DESCRIPTION OF THE TASK: Copy out exactly the lines below that run from the one holding "383.13c0 1.859-1.863 1.859-1.863" to the one holding "366.86c0-0.516-0.648-0.934-1.449-0.934-0.797 0-1.188 0.418-0.875", keeping both of those lines and no others.

Stored items:
========================

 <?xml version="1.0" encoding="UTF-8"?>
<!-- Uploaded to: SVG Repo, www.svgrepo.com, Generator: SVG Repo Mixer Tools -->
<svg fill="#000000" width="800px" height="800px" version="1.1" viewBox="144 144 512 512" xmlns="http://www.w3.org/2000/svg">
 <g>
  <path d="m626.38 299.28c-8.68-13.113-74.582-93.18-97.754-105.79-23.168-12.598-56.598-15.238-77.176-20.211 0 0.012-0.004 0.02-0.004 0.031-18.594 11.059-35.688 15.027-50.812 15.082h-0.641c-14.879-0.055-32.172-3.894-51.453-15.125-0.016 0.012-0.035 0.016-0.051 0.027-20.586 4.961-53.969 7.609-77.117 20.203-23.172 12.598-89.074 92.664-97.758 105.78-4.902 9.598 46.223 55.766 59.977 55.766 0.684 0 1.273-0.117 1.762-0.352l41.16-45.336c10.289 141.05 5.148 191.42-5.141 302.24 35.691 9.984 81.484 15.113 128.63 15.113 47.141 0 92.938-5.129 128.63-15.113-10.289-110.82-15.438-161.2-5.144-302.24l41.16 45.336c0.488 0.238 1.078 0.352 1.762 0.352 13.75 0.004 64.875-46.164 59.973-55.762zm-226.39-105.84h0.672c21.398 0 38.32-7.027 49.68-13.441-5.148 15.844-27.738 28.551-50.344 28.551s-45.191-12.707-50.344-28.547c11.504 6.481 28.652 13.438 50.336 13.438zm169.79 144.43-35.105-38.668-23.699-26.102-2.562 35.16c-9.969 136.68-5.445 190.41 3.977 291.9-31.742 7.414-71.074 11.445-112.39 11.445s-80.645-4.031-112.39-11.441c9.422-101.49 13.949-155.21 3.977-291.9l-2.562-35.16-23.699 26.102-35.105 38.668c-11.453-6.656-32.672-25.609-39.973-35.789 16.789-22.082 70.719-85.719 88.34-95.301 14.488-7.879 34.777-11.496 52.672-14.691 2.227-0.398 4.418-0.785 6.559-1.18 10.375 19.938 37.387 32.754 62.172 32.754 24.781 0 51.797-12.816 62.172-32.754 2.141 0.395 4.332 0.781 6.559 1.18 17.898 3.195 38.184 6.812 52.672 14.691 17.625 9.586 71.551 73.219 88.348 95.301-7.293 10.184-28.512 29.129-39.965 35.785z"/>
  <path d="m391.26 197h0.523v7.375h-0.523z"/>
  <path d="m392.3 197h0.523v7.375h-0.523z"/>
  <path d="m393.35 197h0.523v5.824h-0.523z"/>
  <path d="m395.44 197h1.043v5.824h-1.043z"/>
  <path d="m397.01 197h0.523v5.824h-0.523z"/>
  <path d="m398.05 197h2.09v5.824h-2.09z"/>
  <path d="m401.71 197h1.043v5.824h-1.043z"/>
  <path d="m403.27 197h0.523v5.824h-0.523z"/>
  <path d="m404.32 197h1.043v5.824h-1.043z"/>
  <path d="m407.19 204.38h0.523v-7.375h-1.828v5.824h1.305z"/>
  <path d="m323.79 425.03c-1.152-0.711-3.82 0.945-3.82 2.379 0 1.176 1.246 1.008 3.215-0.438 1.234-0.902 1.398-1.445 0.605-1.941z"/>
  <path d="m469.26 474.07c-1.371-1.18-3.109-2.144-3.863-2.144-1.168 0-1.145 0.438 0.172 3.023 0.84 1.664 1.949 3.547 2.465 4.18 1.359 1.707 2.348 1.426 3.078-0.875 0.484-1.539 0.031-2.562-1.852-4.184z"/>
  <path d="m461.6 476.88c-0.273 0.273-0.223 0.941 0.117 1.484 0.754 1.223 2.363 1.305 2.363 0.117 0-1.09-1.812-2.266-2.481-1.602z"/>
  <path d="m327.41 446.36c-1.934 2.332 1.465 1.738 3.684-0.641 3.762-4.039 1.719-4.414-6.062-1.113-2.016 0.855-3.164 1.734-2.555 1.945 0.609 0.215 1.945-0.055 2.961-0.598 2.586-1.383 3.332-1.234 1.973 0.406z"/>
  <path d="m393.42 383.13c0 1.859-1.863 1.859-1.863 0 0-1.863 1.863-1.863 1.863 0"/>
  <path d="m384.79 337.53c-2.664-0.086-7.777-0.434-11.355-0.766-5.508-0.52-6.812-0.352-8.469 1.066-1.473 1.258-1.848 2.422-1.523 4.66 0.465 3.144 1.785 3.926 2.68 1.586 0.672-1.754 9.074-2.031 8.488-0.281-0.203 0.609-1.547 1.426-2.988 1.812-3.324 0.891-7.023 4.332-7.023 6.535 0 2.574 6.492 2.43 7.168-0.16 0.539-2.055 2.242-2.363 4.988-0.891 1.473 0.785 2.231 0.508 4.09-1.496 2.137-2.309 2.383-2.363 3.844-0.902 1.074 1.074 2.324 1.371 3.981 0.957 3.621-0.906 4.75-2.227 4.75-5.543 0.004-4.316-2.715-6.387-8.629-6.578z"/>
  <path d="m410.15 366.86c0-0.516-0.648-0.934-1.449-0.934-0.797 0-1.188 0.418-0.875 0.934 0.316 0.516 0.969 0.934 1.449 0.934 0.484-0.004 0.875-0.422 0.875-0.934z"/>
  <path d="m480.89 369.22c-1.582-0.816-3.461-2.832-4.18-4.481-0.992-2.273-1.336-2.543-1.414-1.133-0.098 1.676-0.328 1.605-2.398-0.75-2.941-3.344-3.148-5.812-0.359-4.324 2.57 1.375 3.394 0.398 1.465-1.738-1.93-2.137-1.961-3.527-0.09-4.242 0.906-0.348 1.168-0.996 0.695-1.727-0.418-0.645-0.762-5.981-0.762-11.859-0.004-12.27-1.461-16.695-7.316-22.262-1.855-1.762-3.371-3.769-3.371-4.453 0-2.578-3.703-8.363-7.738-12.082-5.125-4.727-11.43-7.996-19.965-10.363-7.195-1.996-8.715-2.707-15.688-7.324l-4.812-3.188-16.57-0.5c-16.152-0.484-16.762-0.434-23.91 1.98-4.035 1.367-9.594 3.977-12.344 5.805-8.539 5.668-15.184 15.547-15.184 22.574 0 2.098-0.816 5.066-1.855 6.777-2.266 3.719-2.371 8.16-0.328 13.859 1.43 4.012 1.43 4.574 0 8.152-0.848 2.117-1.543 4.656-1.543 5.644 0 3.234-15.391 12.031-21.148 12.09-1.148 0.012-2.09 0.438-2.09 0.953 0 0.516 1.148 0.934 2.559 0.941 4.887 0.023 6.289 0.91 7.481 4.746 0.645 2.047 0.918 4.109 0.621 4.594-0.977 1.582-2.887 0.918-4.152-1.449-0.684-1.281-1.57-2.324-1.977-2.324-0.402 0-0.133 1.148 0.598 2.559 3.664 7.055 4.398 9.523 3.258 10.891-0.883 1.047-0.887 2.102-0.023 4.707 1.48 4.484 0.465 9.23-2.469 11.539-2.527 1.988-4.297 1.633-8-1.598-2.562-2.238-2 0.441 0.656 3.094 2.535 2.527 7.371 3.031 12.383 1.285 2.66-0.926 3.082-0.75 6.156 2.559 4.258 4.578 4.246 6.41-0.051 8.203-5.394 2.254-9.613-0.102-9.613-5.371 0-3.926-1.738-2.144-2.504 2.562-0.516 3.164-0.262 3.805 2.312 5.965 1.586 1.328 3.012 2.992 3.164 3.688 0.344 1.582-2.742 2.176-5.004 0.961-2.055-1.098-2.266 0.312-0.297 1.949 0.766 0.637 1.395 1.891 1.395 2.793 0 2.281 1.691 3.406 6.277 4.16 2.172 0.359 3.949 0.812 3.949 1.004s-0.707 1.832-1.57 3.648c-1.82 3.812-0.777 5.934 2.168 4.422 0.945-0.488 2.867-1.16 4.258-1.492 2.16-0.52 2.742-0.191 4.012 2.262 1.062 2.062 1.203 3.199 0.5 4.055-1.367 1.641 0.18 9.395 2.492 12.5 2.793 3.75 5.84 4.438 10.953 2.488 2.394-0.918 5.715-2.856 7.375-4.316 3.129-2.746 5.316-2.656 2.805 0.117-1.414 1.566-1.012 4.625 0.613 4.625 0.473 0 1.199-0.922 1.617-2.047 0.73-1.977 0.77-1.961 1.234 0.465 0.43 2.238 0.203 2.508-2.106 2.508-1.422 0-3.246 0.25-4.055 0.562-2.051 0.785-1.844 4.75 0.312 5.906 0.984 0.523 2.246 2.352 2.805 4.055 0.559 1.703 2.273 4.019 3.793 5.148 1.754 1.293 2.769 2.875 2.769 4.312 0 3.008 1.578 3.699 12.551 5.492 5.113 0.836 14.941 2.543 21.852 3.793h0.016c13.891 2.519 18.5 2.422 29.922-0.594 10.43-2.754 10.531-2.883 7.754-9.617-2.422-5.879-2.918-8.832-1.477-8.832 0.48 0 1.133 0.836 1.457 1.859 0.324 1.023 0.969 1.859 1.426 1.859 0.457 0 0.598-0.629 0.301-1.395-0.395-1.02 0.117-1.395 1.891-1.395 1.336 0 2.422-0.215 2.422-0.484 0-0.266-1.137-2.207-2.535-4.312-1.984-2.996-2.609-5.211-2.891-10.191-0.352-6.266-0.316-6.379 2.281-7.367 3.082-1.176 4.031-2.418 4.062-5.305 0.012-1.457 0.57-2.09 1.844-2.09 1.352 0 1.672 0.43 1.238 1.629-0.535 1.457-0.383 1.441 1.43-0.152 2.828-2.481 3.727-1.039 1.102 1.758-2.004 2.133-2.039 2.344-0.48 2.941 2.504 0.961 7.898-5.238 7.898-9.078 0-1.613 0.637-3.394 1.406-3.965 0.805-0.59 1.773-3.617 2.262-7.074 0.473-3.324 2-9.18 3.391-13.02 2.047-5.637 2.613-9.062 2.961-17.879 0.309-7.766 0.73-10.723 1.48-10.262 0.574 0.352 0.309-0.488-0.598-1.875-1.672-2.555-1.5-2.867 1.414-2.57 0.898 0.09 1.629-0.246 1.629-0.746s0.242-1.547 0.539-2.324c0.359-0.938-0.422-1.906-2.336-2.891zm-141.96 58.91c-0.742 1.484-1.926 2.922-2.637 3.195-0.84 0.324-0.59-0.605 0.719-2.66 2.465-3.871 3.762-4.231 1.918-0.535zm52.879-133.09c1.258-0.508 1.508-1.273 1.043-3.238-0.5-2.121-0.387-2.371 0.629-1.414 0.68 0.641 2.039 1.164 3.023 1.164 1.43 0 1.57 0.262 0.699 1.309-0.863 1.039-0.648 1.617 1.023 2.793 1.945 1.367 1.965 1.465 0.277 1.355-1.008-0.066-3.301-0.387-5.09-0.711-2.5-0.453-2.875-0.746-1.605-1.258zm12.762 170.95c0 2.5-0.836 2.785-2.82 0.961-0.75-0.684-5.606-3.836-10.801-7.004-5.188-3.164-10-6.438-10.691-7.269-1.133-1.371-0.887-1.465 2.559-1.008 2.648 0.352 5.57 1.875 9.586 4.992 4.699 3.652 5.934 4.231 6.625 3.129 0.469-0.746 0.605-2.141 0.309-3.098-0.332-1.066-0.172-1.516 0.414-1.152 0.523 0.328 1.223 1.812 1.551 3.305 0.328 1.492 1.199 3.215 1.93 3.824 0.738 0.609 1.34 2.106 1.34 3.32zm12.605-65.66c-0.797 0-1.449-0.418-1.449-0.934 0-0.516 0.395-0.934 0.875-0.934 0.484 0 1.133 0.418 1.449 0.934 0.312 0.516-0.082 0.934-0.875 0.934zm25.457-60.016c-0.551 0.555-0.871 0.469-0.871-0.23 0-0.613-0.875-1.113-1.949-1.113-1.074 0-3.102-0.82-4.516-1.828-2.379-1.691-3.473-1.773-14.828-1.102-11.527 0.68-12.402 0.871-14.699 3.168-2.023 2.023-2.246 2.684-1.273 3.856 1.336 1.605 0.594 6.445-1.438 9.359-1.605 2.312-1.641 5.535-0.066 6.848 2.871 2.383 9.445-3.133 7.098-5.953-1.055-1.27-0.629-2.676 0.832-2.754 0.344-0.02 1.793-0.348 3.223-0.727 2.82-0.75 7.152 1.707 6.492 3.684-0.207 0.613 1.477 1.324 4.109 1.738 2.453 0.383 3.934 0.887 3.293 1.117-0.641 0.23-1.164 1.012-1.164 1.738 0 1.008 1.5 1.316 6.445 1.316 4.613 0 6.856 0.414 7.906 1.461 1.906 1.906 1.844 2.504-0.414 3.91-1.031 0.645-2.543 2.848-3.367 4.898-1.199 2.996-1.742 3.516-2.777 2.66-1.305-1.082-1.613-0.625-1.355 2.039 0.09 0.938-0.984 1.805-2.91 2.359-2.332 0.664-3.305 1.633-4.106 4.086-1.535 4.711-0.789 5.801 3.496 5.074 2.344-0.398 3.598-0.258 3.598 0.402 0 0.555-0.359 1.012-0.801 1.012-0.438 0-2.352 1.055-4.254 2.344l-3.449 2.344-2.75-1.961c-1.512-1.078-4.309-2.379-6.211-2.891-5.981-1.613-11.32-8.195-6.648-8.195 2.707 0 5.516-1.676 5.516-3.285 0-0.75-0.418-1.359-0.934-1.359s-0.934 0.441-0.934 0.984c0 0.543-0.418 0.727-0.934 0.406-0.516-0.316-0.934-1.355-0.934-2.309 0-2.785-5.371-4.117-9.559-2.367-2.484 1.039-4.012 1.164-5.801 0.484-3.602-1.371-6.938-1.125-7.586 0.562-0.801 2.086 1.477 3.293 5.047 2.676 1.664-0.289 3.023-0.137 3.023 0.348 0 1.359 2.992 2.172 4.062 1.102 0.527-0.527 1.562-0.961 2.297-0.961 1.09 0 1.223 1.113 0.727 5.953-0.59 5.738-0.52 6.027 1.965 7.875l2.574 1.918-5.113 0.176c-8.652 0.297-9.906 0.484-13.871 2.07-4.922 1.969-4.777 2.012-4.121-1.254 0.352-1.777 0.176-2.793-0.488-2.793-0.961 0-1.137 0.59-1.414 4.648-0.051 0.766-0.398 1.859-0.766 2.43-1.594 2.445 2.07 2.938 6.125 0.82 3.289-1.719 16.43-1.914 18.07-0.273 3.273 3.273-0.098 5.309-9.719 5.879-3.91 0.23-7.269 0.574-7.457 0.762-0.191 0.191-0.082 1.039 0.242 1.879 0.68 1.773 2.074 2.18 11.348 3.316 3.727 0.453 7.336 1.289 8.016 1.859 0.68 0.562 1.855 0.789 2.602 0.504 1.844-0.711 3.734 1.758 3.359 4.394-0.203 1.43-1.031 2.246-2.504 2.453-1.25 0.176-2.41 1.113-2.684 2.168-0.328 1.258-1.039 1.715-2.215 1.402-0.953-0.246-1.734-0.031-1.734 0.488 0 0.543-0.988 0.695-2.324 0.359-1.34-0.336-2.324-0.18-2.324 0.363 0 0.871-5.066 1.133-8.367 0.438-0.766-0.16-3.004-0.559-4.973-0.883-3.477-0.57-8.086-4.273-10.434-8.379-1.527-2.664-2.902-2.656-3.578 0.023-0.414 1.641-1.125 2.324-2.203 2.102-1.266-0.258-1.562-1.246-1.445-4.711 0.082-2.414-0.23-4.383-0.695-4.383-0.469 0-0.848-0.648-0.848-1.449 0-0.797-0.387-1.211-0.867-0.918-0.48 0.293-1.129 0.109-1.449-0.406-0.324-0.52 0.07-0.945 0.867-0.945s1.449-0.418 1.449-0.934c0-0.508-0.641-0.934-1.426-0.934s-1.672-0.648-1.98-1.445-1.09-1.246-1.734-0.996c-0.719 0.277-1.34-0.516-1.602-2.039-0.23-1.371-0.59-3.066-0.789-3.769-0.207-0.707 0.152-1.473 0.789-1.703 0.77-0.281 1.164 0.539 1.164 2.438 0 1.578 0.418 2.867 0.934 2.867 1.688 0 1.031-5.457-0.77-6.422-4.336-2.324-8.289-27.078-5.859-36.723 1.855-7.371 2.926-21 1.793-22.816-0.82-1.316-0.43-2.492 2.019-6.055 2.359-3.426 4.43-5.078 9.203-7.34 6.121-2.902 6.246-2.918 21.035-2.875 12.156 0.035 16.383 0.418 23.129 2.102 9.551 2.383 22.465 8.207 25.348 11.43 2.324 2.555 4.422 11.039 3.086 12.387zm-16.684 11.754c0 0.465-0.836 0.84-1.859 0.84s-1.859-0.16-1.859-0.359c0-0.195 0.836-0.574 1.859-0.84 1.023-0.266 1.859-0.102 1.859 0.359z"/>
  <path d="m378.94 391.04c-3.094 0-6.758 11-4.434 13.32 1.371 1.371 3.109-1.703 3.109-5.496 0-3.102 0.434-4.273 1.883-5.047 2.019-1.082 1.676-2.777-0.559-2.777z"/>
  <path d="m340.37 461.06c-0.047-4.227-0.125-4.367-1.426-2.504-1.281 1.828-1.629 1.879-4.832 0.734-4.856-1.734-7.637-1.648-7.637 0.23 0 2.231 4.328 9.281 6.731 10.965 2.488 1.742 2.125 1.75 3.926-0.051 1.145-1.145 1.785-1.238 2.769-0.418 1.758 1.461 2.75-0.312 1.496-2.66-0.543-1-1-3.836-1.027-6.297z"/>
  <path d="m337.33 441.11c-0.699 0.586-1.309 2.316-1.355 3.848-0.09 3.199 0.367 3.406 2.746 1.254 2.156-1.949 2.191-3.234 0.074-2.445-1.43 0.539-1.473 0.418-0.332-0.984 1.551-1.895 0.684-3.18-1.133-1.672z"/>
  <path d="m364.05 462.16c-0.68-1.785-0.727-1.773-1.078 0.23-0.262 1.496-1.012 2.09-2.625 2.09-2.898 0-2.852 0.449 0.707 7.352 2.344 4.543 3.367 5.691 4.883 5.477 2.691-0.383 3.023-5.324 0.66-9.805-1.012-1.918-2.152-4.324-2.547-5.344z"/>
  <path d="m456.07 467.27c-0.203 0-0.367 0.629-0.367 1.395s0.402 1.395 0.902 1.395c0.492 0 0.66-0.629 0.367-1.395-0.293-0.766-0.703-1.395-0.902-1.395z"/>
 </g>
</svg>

========================

RESPONSE BELOW:
  <path d="m393.42 383.13c0 1.859-1.863 1.859-1.863 0 0-1.863 1.863-1.863 1.863 0"/>
  <path d="m384.79 337.53c-2.664-0.086-7.777-0.434-11.355-0.766-5.508-0.52-6.812-0.352-8.469 1.066-1.473 1.258-1.848 2.422-1.523 4.66 0.465 3.144 1.785 3.926 2.68 1.586 0.672-1.754 9.074-2.031 8.488-0.281-0.203 0.609-1.547 1.426-2.988 1.812-3.324 0.891-7.023 4.332-7.023 6.535 0 2.574 6.492 2.43 7.168-0.16 0.539-2.055 2.242-2.363 4.988-0.891 1.473 0.785 2.231 0.508 4.09-1.496 2.137-2.309 2.383-2.363 3.844-0.902 1.074 1.074 2.324 1.371 3.981 0.957 3.621-0.906 4.75-2.227 4.75-5.543 0.004-4.316-2.715-6.387-8.629-6.578z"/>
  <path d="m410.15 366.86c0-0.516-0.648-0.934-1.449-0.934-0.797 0-1.188 0.418-0.875 0.934 0.316 0.516 0.969 0.934 1.449 0.934 0.484-0.004 0.875-0.422 0.875-0.934z"/>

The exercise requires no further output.